There are three types of vaccination exemptions:
- Philosophical Exemption: There are 18 states which allow exemption to vaccination based on philosophical, personal or conscientiously held beliefs. In many of these states, individuals must object to all vaccines, not just a particular vaccine in order to use the philosophical, conscientious or personal belief exemption. This type of exemption is being threatened in some state legislatures due to pressure from government health officials, drug company lobbyists and medical organizations to revoke this exemption.
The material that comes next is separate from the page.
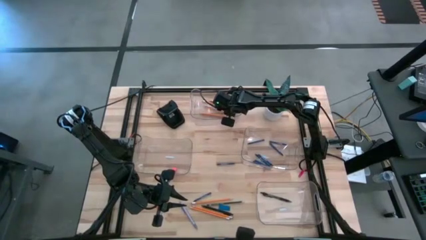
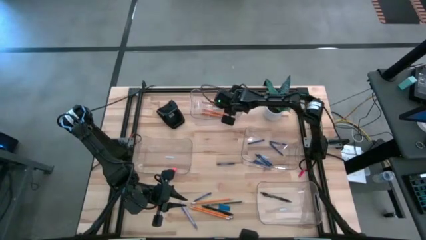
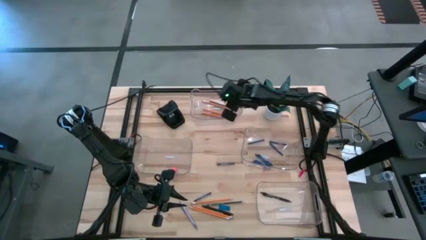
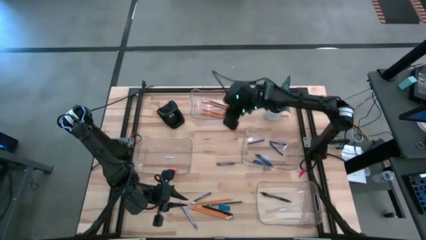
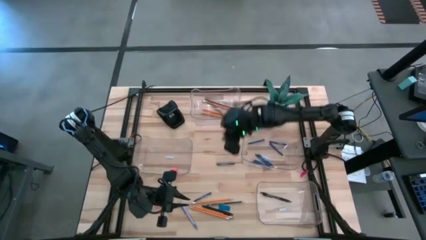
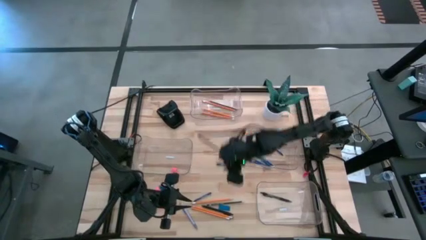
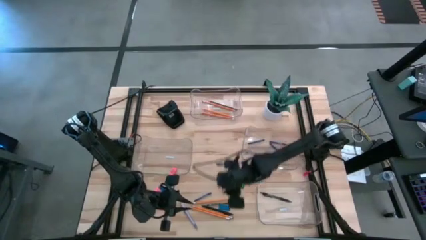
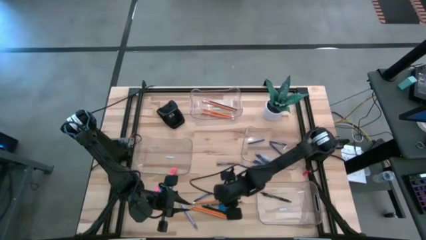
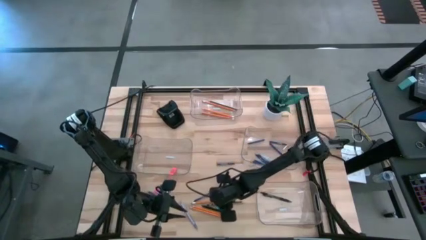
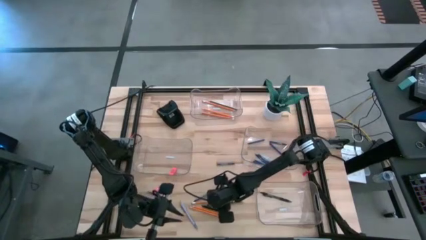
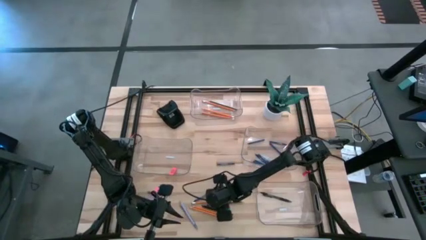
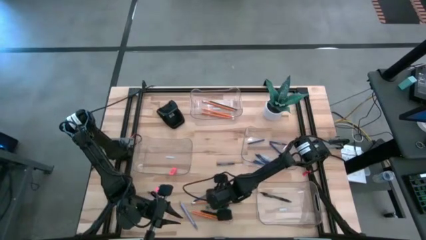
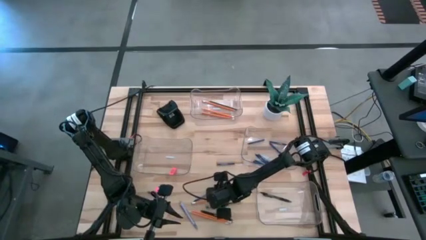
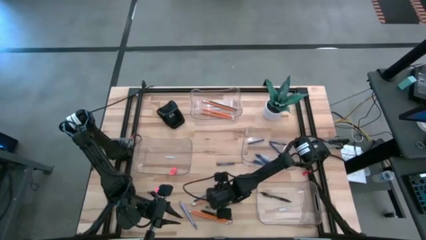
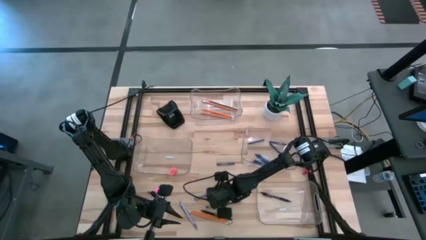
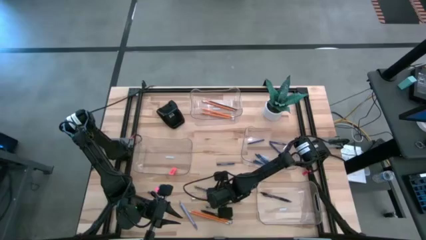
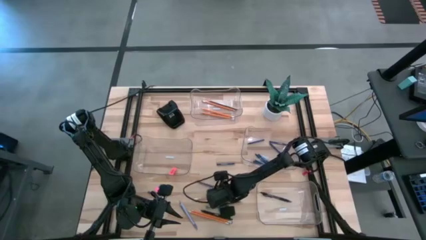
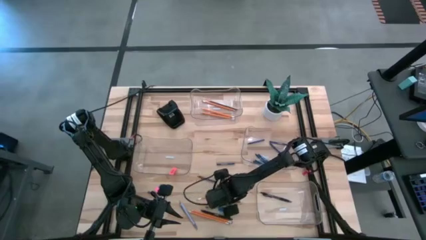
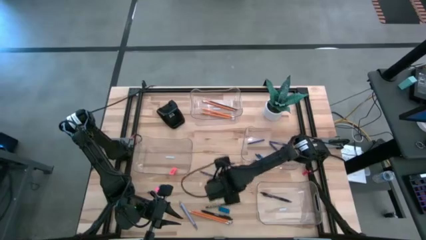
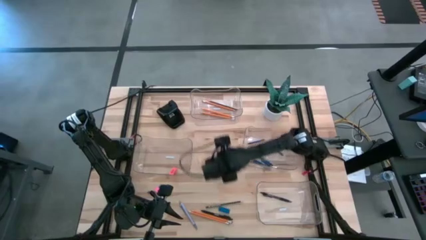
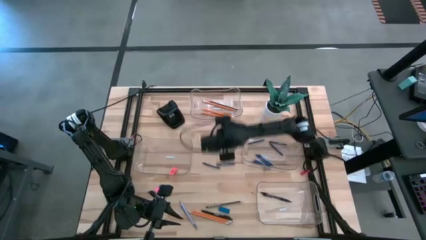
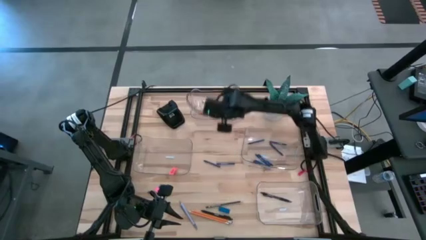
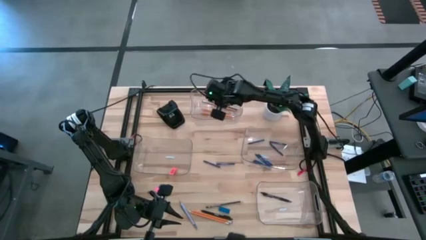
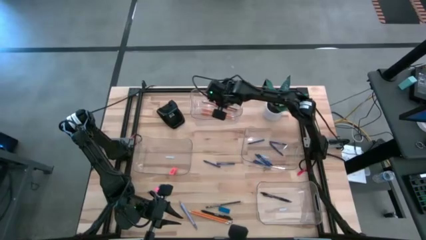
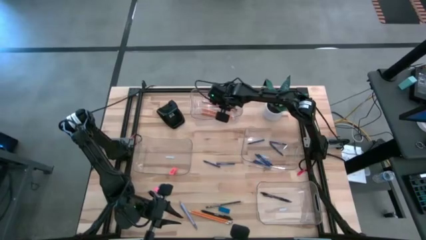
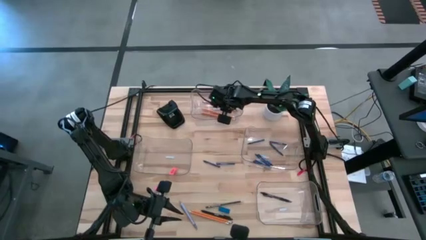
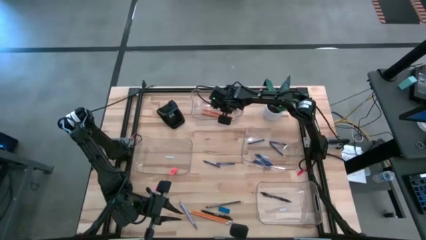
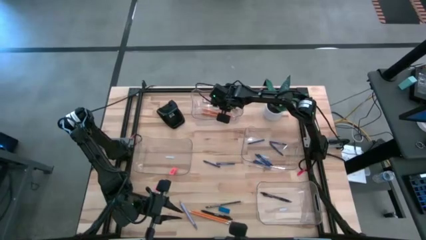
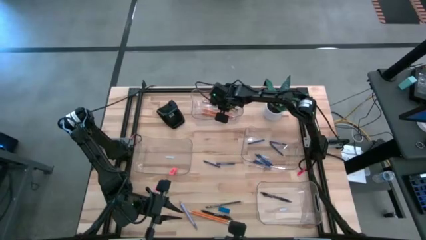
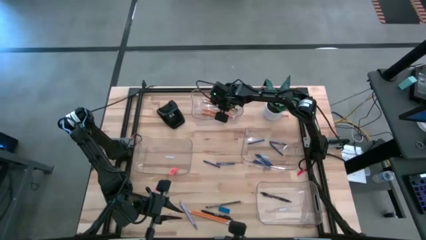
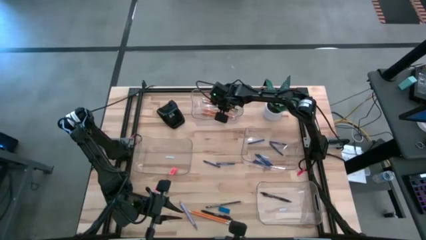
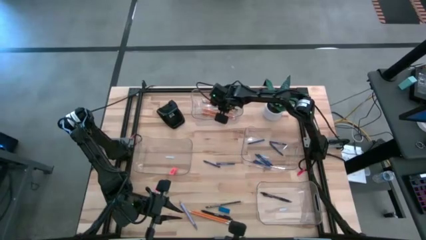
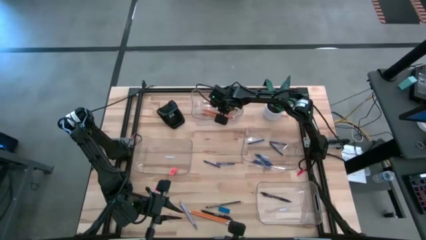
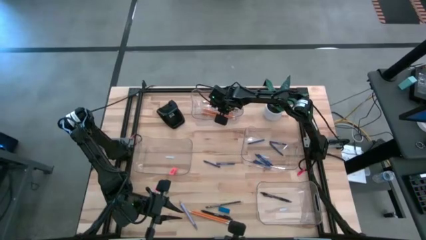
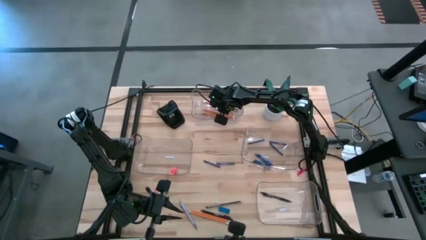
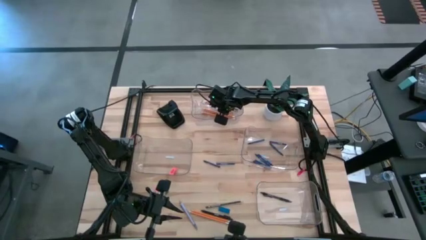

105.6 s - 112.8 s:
Task: Sort crayons/erasers/pens/pencils in bins
Put the yellow pencil into the top transparent bin

- Religious Exemption: All states except Mississippi and West Virginia allow for a religious exemption to vaccination. The religious exemption is intended for people who hold a sincere religious belief opposing vaccination but those beliefs can be personally held and church membership or adherence to an organized religion is not required. However, you should be able to articulate in your own words why your sincerely held religious or spiritual beliefs do not allow you to vaccinate yourself or your child with one or more vaccines. Sometimes obtaining a letter from your pastor or spiritual advisor attesting to the sincerity of your religious beliefs about vaccination is helpful, as well. Some religious exemptions are broadly defined and similar to philosophical or conscientious belief exemptions.
- Medical Exemptions: All 50 states allow medical exemption to vaccination. Proof of medical exemption must take the form of a signed statement by a medical doctor, or doctor of osteopathy that the administering of one or more vaccines would be detrimental to the health of an individual. Some states will accept a private physician's written exemption without question. Other states allow the state health department to review the doctor's exemption and revoke it if health department officials do not think the exemption is justified.
My advice to our readers is to take the time to research the vaccination laws of the state in question, the specific policies of the college and program being considered and empower your student with information well in advance of selecting the college of their dreams and beginning their journey into adulthood.